* _Work item_:
Your task is to return all of the records exactly, minus any images.

(Extracted data entries)
# # #
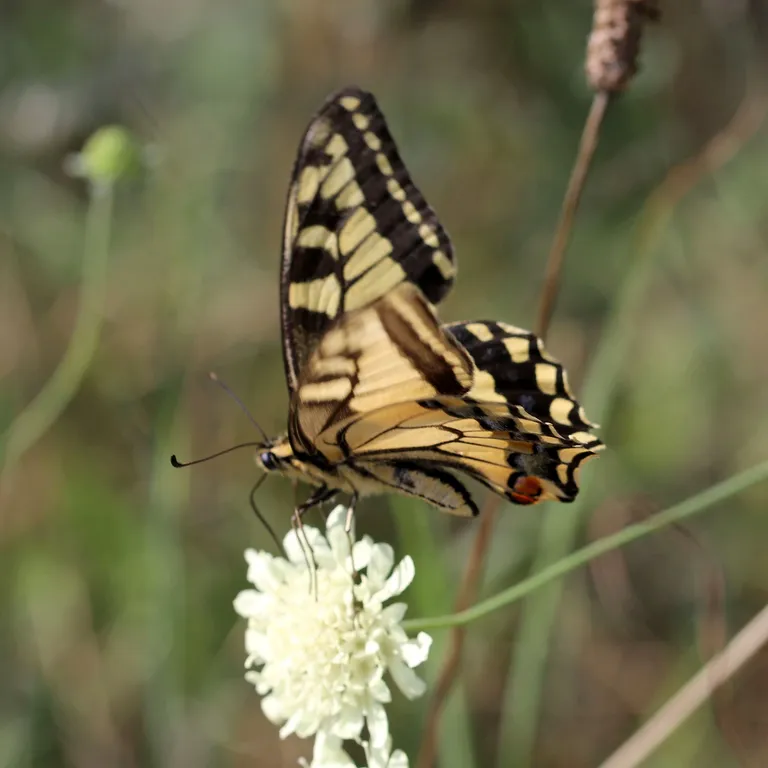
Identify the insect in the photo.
Papilio machaon
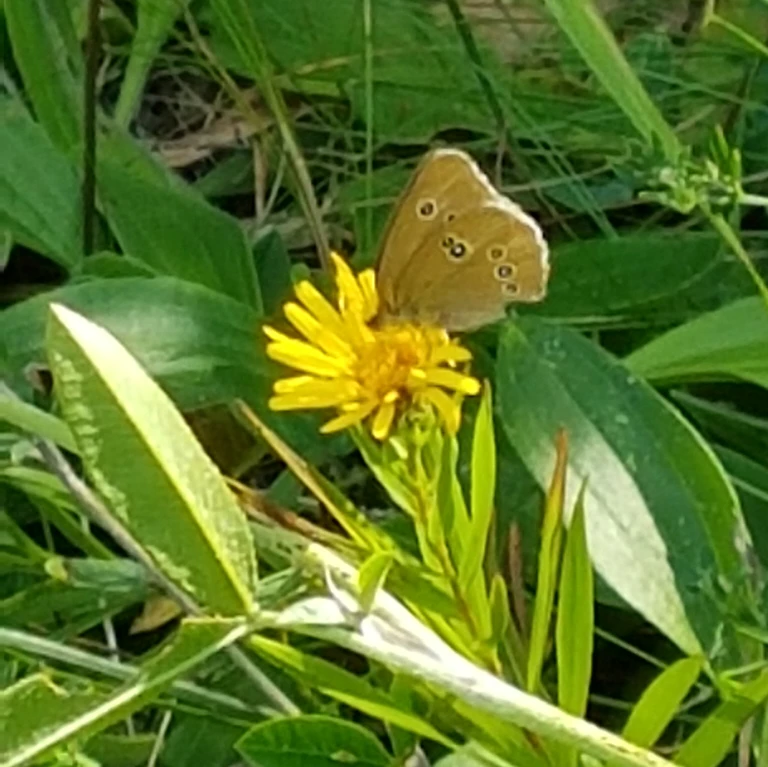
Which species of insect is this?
Aphantopus hyperantus
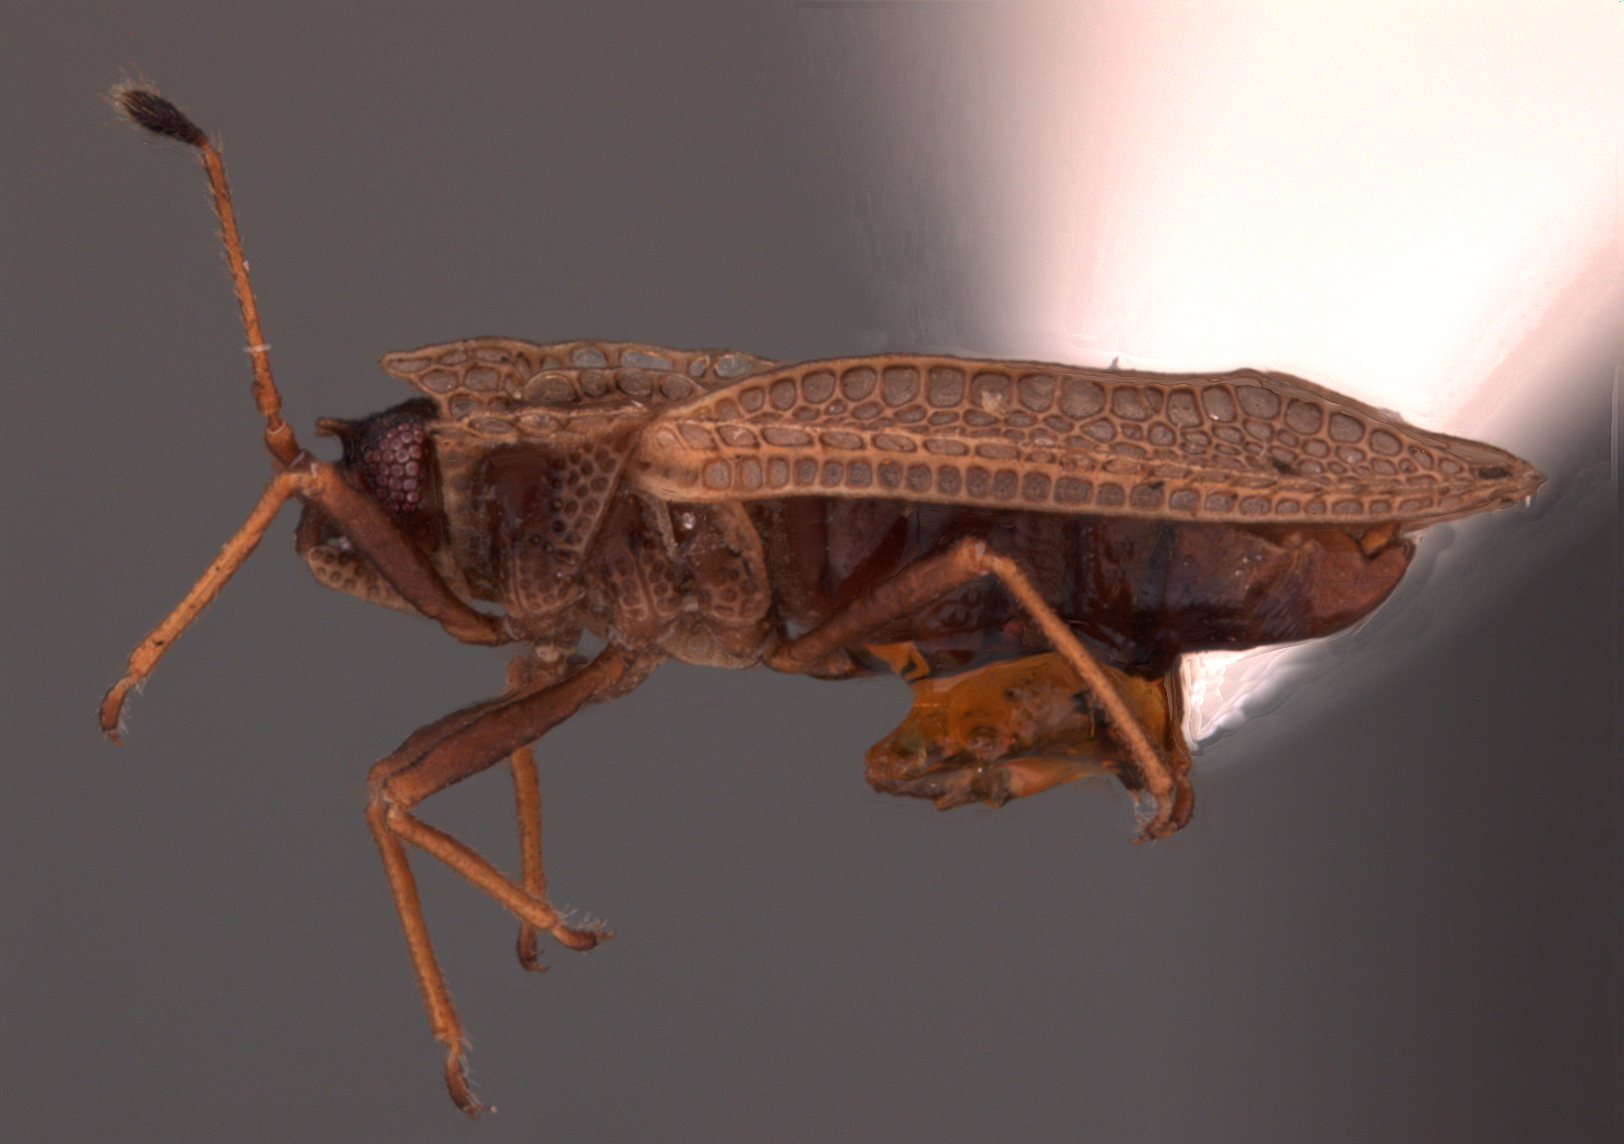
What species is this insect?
# # #
* _Worked solution_:
Identify the insect in the photo.
Papilio machaon
Which species of insect is this?
Aphantopus hyperantus
What species is this insect?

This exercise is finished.